On the other hand anhedonia is about not getting any emotional excitement, particularly no pleasure, from things that most people would be expected to enjoy, or at least be affected by.
But, if you are someone who lacks awareness of emotional feelings that they do actually get subconsciously, how would you tell the difference?
I guess that all there is to go on is the physical and mood changes that would force their way through if the emotion is actually there. So for an observer, if they see no blushing, tears, change in tone of voice, no change in heart rate and so forth, then perhaps it must be a case of anhedonia.
Self-diagnosing, in me I think that I see signs of a blend of both traits.

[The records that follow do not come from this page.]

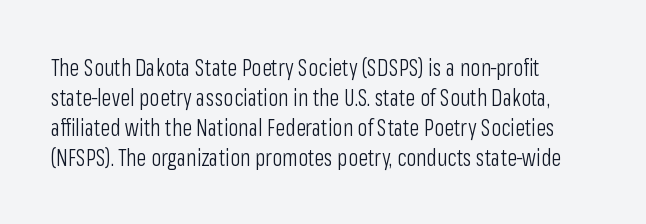
The lines are quadded left. The font sits on the lighter half of the weight spectrum, regular included. Tracking here is standard; glyphs follow each other at the usual distance. Italic? Not at all — the glyphs are vertical. Rule under the text: the space is simply empty.
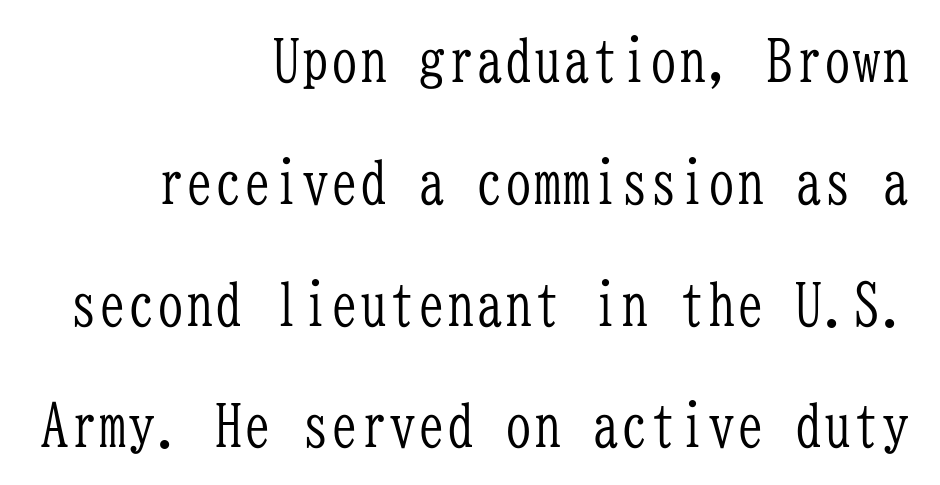
This is the regular roman posture of the typeface. Any mark beneath the type? The region is blank. Is this a fixed-width face? Yes — each glyph sits in an identical cell. The font family rendered here belongs to the serif group. Short and long lines alike share a common ending point at right.
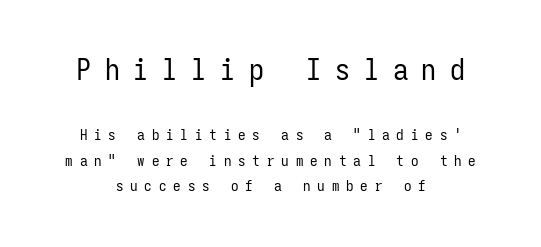
The passage shown is not bold in any degree. Does the lettering tilt? It doesn't — this is upright. Think of a typewriter: that constant character pitch is what you see here. Caption: expanded tracking, letters set apart.
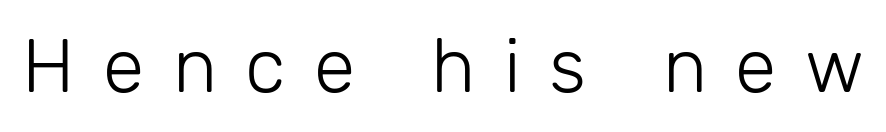
Q: Is the text bold? A: No.
Q: Is the text italic (slanted)? A: No, it is upright.
Q: Is the typeface a serif or a sans-serif typeface? A: Sans-serif.
Q: Is the text underlined? A: No.
Q: Is the spacing between letters normal or unusually wide? A: Unusually wide.
Q: Width (condensed, normal, or wide)? A: Normal.
Q: Stroke contrast? A: Low.
Q: x-height? A: Medium.
Q: Monospaced? A: No.
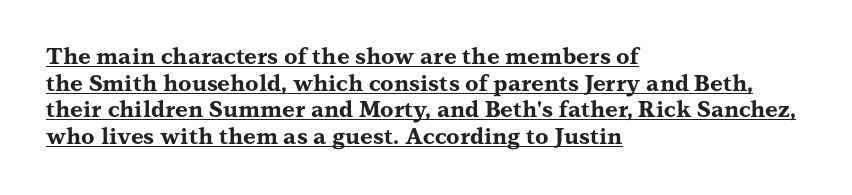
Set as a true bold cut, around the 700 mark. The tracking reads as untouched default to a designer's eye. Is the block centered? No — it sits flush against the left margin. What decoration does the sample have? An underline. These lines were composed using upright roman letters.
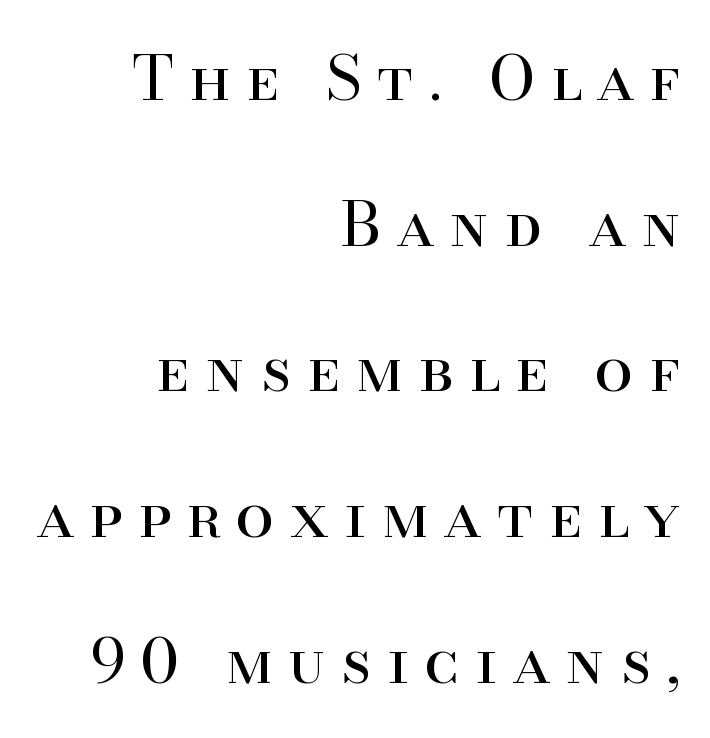
The image shows 62 px regular-weight serif type, upright; set right-aligned, loose line spacing (2.35x), unusually wide letter spacing (+0.25 em), not underlined; high stroke contrast and a small x-height.
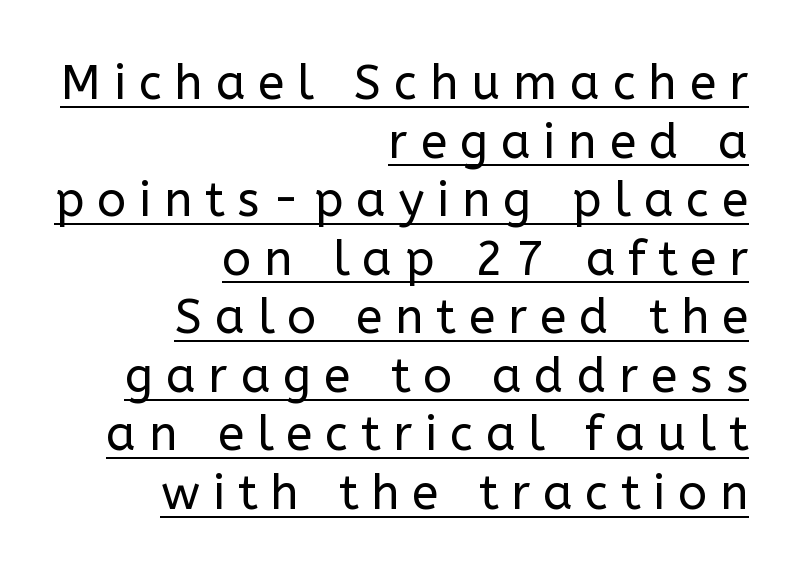
{"serif": "no", "italic": "no", "bold": "no", "weight": "regular", "width": "normal", "stroke_contrast": "low", "x_height": "medium", "monospaced": "no", "underline": "yes", "align": "right", "line_spacing_ratio": 1.22, "letter_spacing": "wide", "letter_spacing_em": 0.27, "glyph_px": 48}
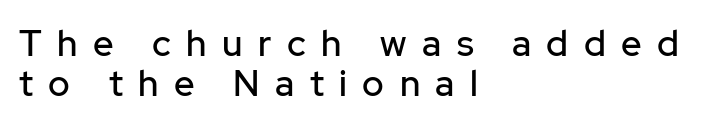
Q: Is the text italic (slanted)? A: No, it is upright.
Q: Is the typeface a serif or a sans-serif typeface? A: Sans-serif.
Q: Is the text underlined? A: No.
Q: How is the paragraph aligned? A: Left-aligned.
Q: Is the spacing between letters normal or unusually wide? A: Unusually wide.
Q: Is the spacing between lines tight, normal or loose? A: Tight.
Q: Width (condensed, normal, or wide)? A: Normal.
Q: Stroke contrast? A: Low.
Q: x-height? A: Medium.
Q: Monospaced? A: No.
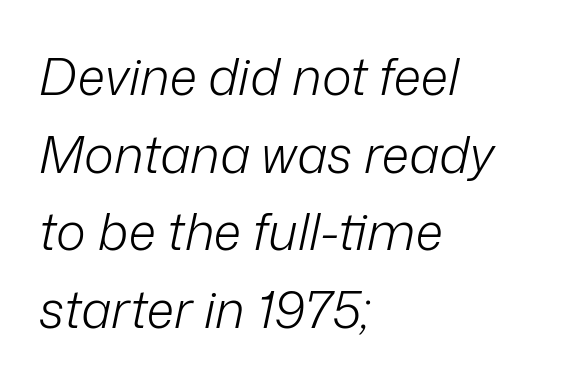
This rendering leaves character spacing at its baseline value. The characters are drawn with everyday or finer stroke widths. In terms of posture, this sample is oblique. The passage is arranged the way most books set body copy — flush left. The letters advance in unequal steps, a hallmark of proportional type.
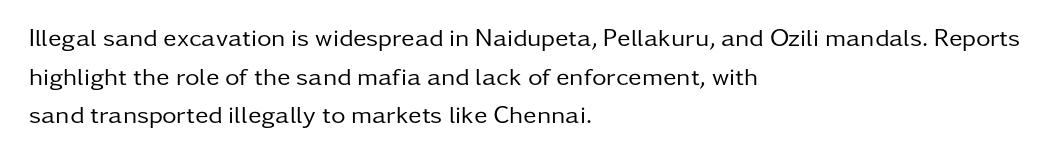
The image shows 25 px text type, upright; set left-aligned, normal line spacing (1.55x), normal letter spacing, not underlined.
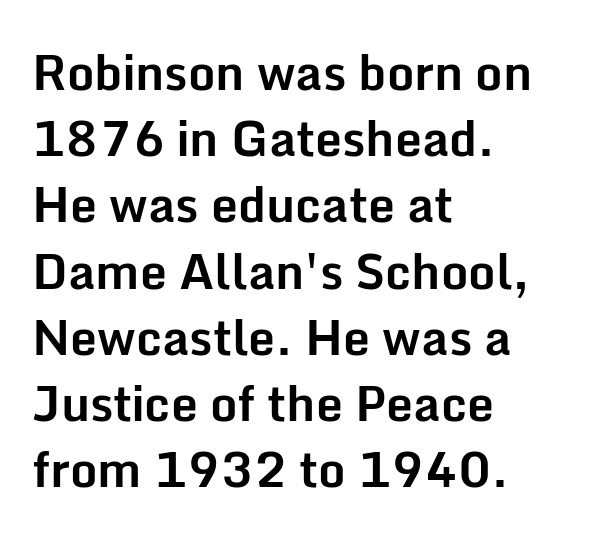
{"serif": "no", "italic": "no", "bold": "yes", "weight": "bold", "width": "normal", "stroke_contrast": "low", "x_height": "medium", "monospaced": "no", "underline": "no", "align": "left", "line_spacing": "normal", "line_spacing_ratio": 1.38, "letter_spacing": "normal", "letter_spacing_em": 0.0, "glyph_px": 48}
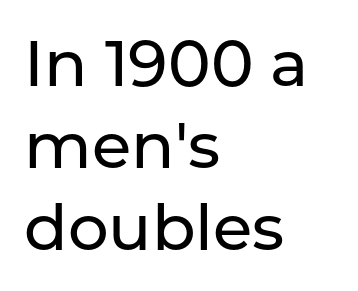
Q: Is the text italic (slanted)? A: No, it is upright.
Q: Is the typeface a serif or a sans-serif typeface? A: Sans-serif.
Q: Is the text underlined? A: No.
Q: How is the paragraph aligned? A: Left-aligned.
Q: Is the spacing between letters normal or unusually wide? A: Normal.
Q: Is the spacing between lines tight, normal or loose? A: Normal.
Q: Width (condensed, normal, or wide)? A: Normal.
Q: Stroke contrast? A: Low.
Q: x-height? A: Medium.
Q: Monospaced? A: No.
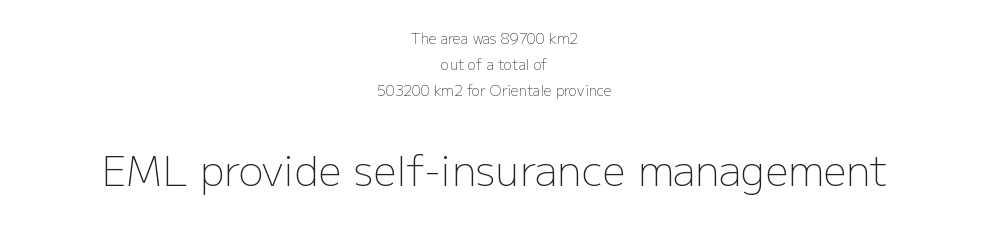
Honestly, the letter spacing is just normal — you wouldn't notice it. The letters stand straight up with perfectly vertical stems. Is the block centered? Yes — each line is placed symmetrically about the middle. The passage shown is typeset with a sans-serif family. Just letters on the line, the space beneath them empty. The face used here is proportionally spaced, like ordinary book or web type.
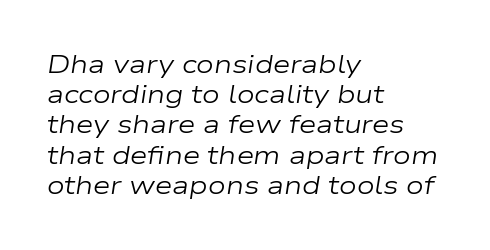
The image shows 25 px text type, italic (leaning right); set left-aligned, line spacing 1.21x, normal letter spacing, not underlined.
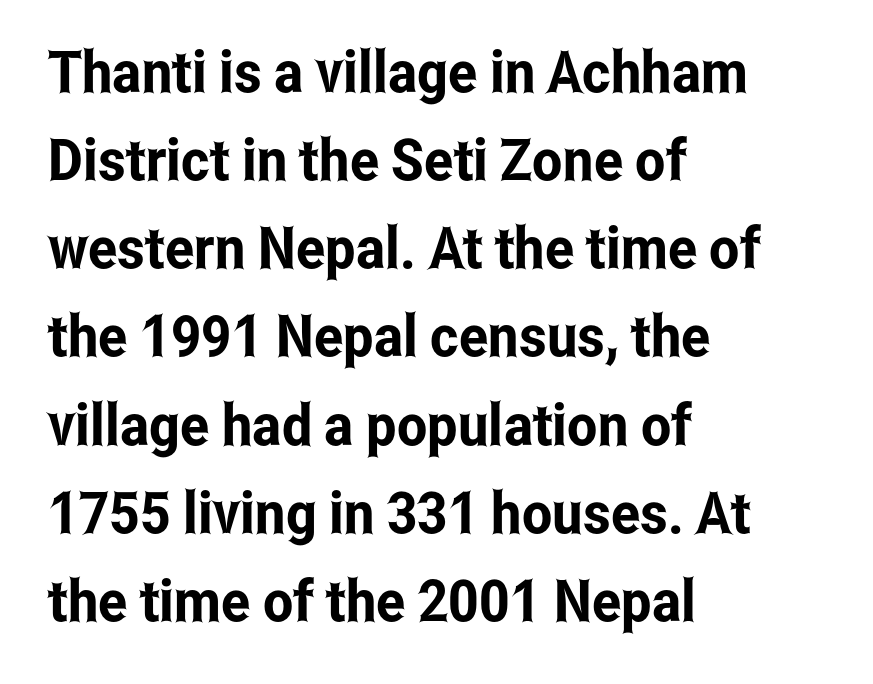
Q: Is the text italic (slanted)? A: No, it is upright.
Q: Is the typeface a serif or a sans-serif typeface? A: Sans-serif.
Q: Is the text underlined? A: No.
Q: How is the paragraph aligned? A: Left-aligned.
Q: Is the spacing between letters normal or unusually wide? A: Normal.
Q: Is the spacing between lines tight, normal or loose? A: Normal.
Q: Width (condensed, normal, or wide)? A: Condensed.
Q: Stroke contrast? A: Low.
Q: x-height? A: Medium.
Q: Monospaced? A: No.

So, yes, I do get physical reactions to situations that most people would find would affect emotions, so the emotion must be there, but it usually takes me some minutes before I realise that I am happy, sad or whatever it is, it doesn’t come through right away. So that would be alexithymia.
At the same time, even allowing for my obliviousness to what I am feeling, I estimate that the emotional hit that I get from a situation tends to be much more muted than it typically is for most people, as if the volume knob is turned right down. So the hit is there, just muted. So I am not entirely anhedonic, but there is a tendency in that direction.
There is a parallel with bi-polar disorder, which as I see it must be a case of the emotional volume knob swinging wildly from one extreme to the other. Thus when they are in an up phase they experience wild leaps of excitement from just about anything, then in the down phase immobilised by an almost total lack of feeling except general despair.
I’m the total opposite of that in that my volume knob is on a constant low setting that I have got used to, so, I guess a constant state of mild depression, but fortunately not so bad that I want to top myself and anyway I am accustomed to it so it just feels normal to me.
This alexithymia thing is a revelation to me. It explains a lot and I am going to find it useful, enabling the conscious thought, how should I feel about this? to be combined with an awareness that, actually, I might be really feeling it but it’s not quite worked its way into my consciousness yet.
Does it matter what it's called? Whatever it is it is part of who you are. Ultimately all you can really do is to simply live with it.